=== DESCRIPTION OF THE TASK ===
Print out the data below in full and exactly, skipping the pictures.

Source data
# # # #
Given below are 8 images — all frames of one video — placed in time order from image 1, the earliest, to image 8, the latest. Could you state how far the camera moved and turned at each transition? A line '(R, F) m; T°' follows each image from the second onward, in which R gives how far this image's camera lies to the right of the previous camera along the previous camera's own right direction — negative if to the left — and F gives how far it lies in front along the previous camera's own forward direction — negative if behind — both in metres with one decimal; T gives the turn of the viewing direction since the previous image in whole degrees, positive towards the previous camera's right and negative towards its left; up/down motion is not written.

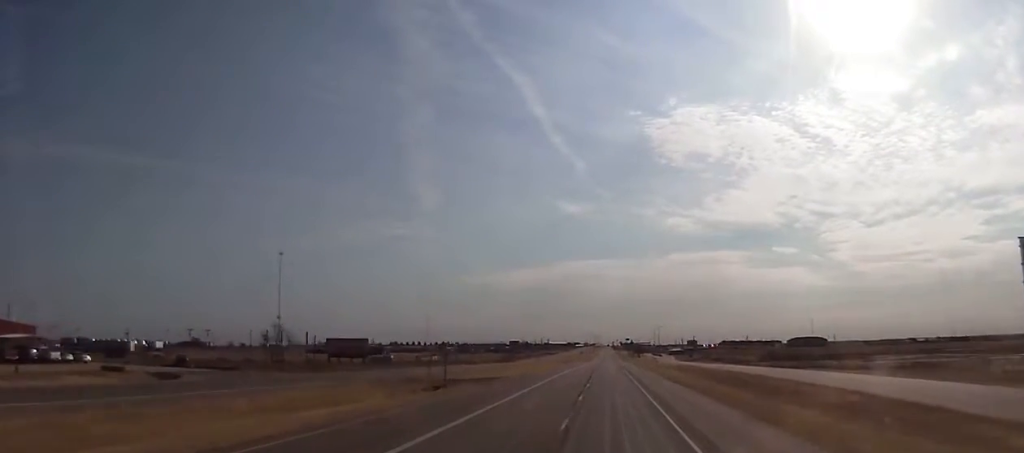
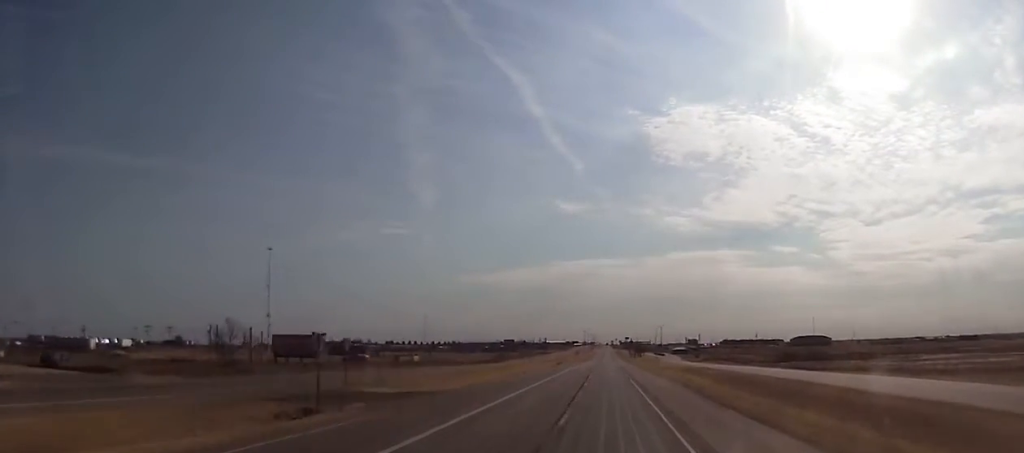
(-0.2, +22.6) m; +1°
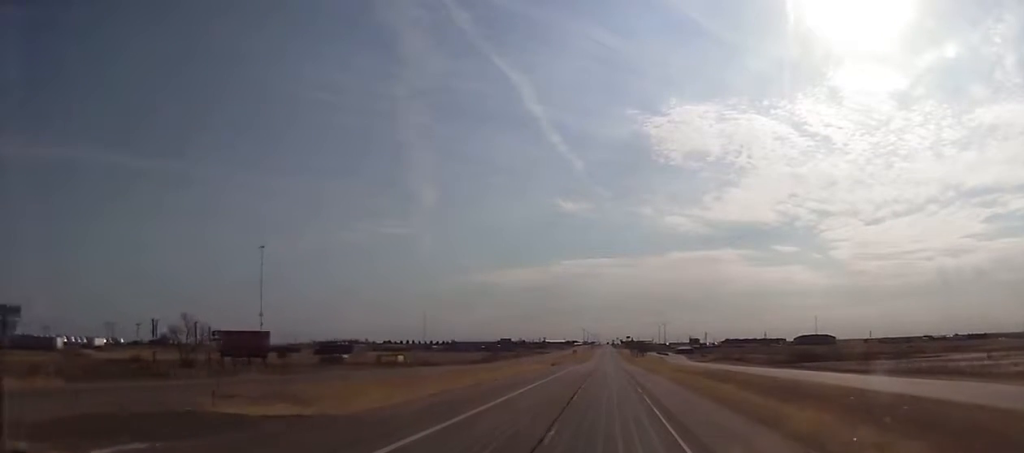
(+0.3, +17.5) m; 0°
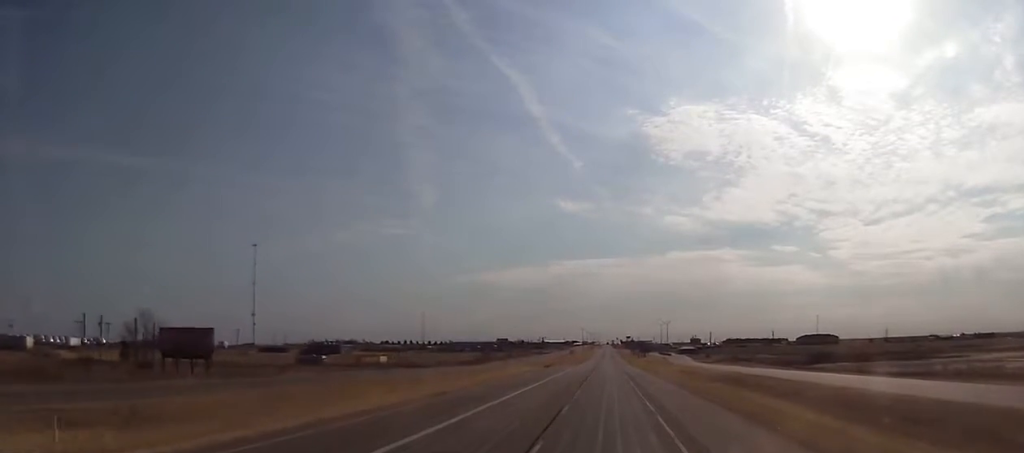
(+0.2, +14.6) m; 0°
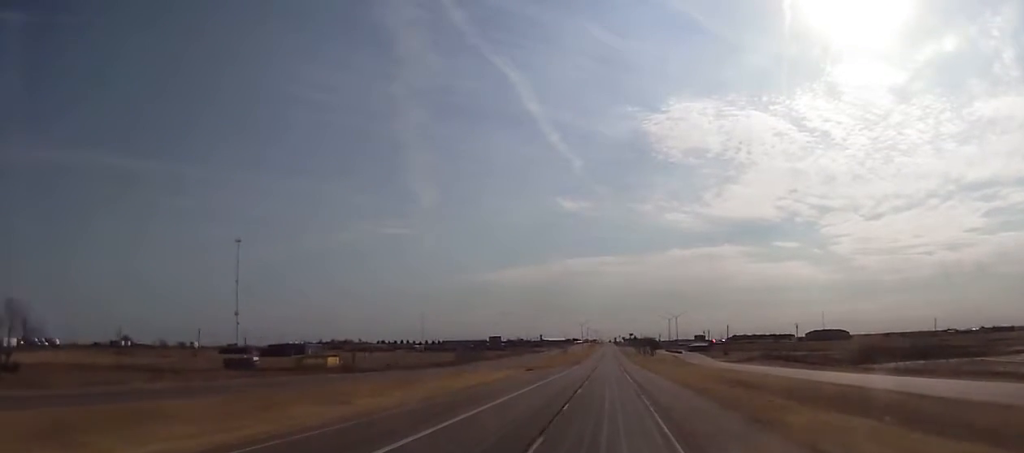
(0.0, +35.6) m; 0°
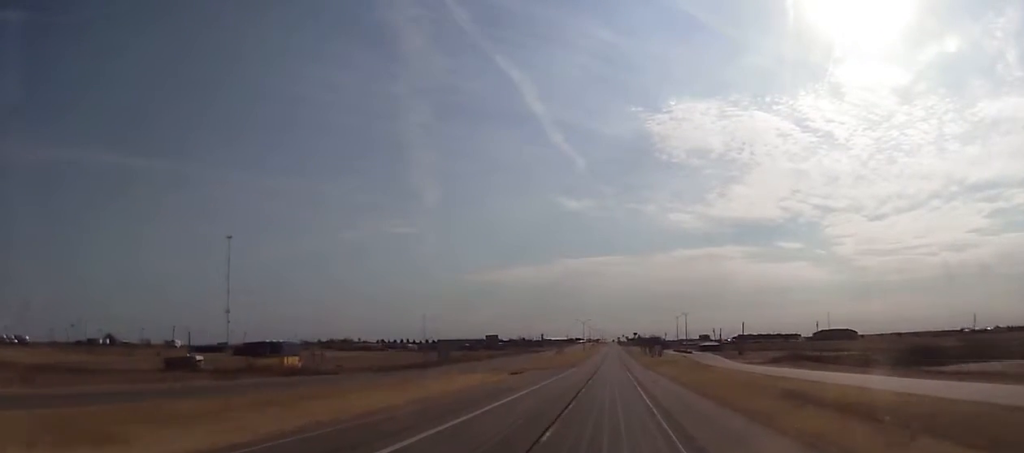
(-0.3, +21.7) m; 0°
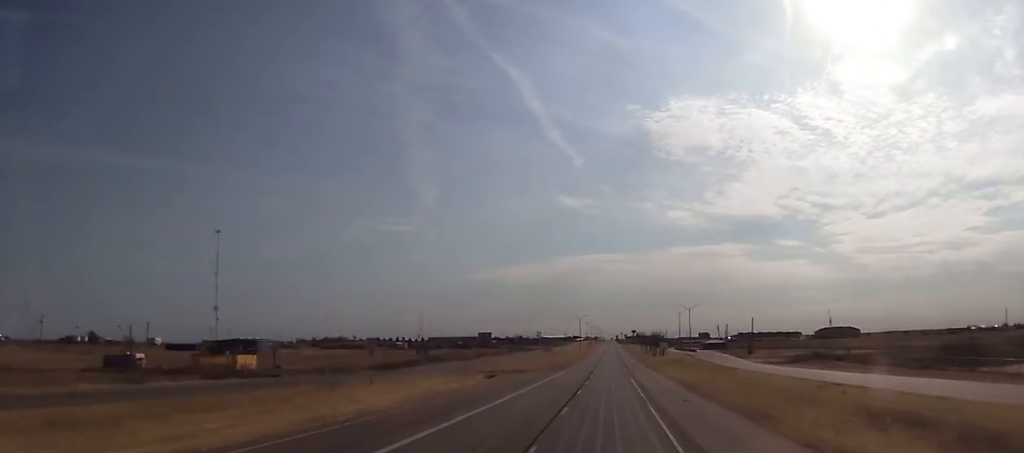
(+0.1, +16.7) m; 0°
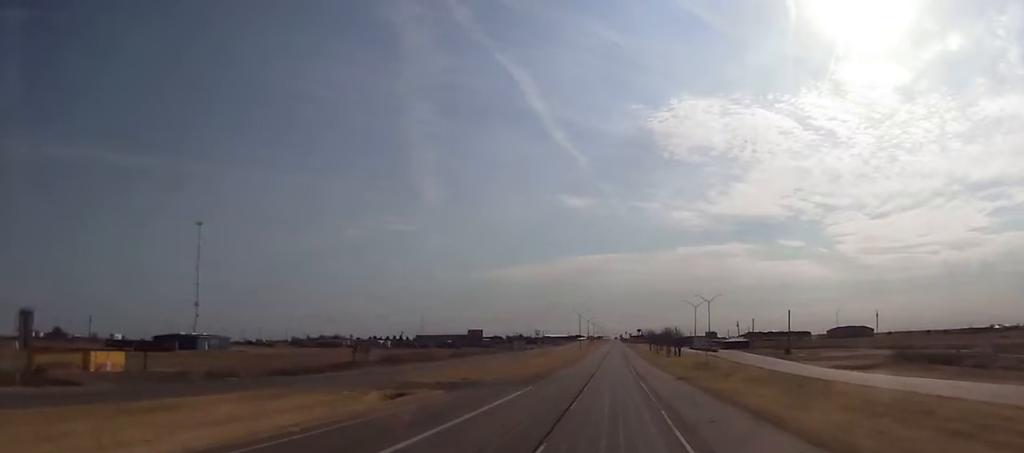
(-0.1, +37.0) m; 0°
# # # #
=== SOLUTION TO THE EXERCISE ===
Given below are 8 images — all frames of one video — placed in time order from image 1, the earliest, to image 8, the latest. Could you state how far the camera moved and turned at each transition? A line '(R, F) m; T°' follows each image from the second onward, in which R gives how far this image's camera lies to the right of the previous camera along the previous camera's own right direction — negative if to the left — and F gives how far it lies in front along the previous camera's own forward direction — negative if behind — both in metres with one decimal; T gives the turn of the viewing direction since the previous image in whole degrees, positive towards the previous camera's right and negative towards its left; up/down motion is not written.

(-0.2, +22.6) m; +1°
(+0.3, +17.5) m; 0°
(+0.2, +14.6) m; 0°
(0.0, +35.6) m; 0°
(-0.3, +21.7) m; 0°
(+0.1, +16.7) m; 0°
(-0.1, +37.0) m; 0°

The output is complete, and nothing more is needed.